Con una dirección colectiva norcoreana dominada por los militares, el poder de los burócratas económicos del país será, en el mejor de los casos, marginal, lo que puede propiciar la eliminación de la presión procedente de abajo en pro de la reforma y la apertura económicas.
A consecuencia de ello, puede empeorar la economía y aumentar la inestabilidad política.
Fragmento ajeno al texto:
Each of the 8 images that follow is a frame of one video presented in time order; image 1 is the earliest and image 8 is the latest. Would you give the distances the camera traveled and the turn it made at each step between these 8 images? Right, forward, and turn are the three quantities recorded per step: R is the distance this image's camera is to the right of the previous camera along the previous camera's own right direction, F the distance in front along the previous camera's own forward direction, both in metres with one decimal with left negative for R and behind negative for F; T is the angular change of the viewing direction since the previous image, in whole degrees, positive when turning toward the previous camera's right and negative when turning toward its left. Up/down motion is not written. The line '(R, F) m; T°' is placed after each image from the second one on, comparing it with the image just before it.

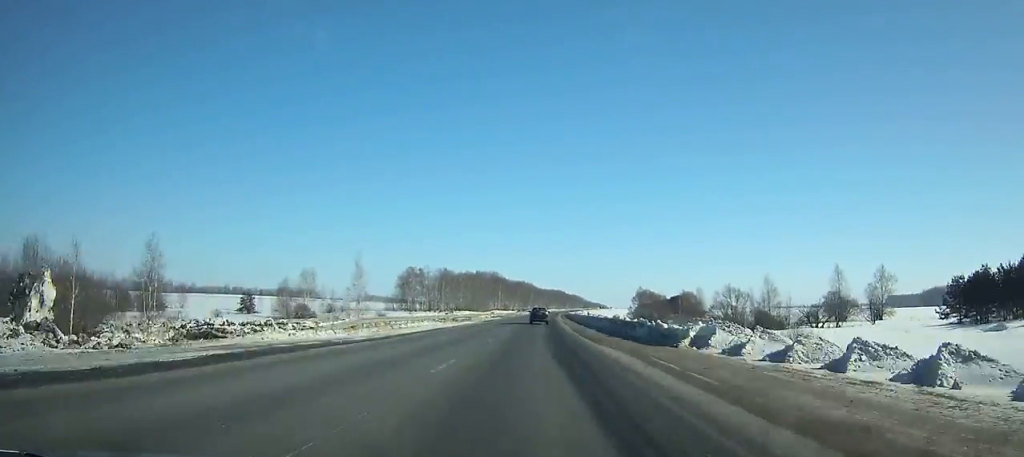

En una situación interior tan difícil, los dirigentes de Corea del Norte pueden adoptar políticas más hostiles para conseguir ayuda económica de Corea del Sur y de los Estados Unidos.
Recientemente, el Gobierno de Corea del Sur dijo con claridad que seguiría con la política de compromiso con Corea del Norte, pero ateniéndose a los principios más que los gobiernos anteriores, lo que refleja un endurecimiento de la opinión pública surcoreana, a raíz del ensayo nuclear hecho por Corea del Norte en 2006.
A consecuencia de ese cambio de política –y del reciente homicidio de un turista surcoreano en las montañas Kumgang de Corea del Norte–, el diálogo oficial entre el Norte y el Sur ha quedado interrumpido durante varios meses. Las relaciones internacionales en el Asia nororiental se volverán más sutiles e inestables a medida que se acabe la era de Kim Jong-il.
Después de seis decenios turbulentos, pero previsibles, podríamos entrar en una nueva era de mayor turbulencia, pero menos previsibilidad, en la península de Corea.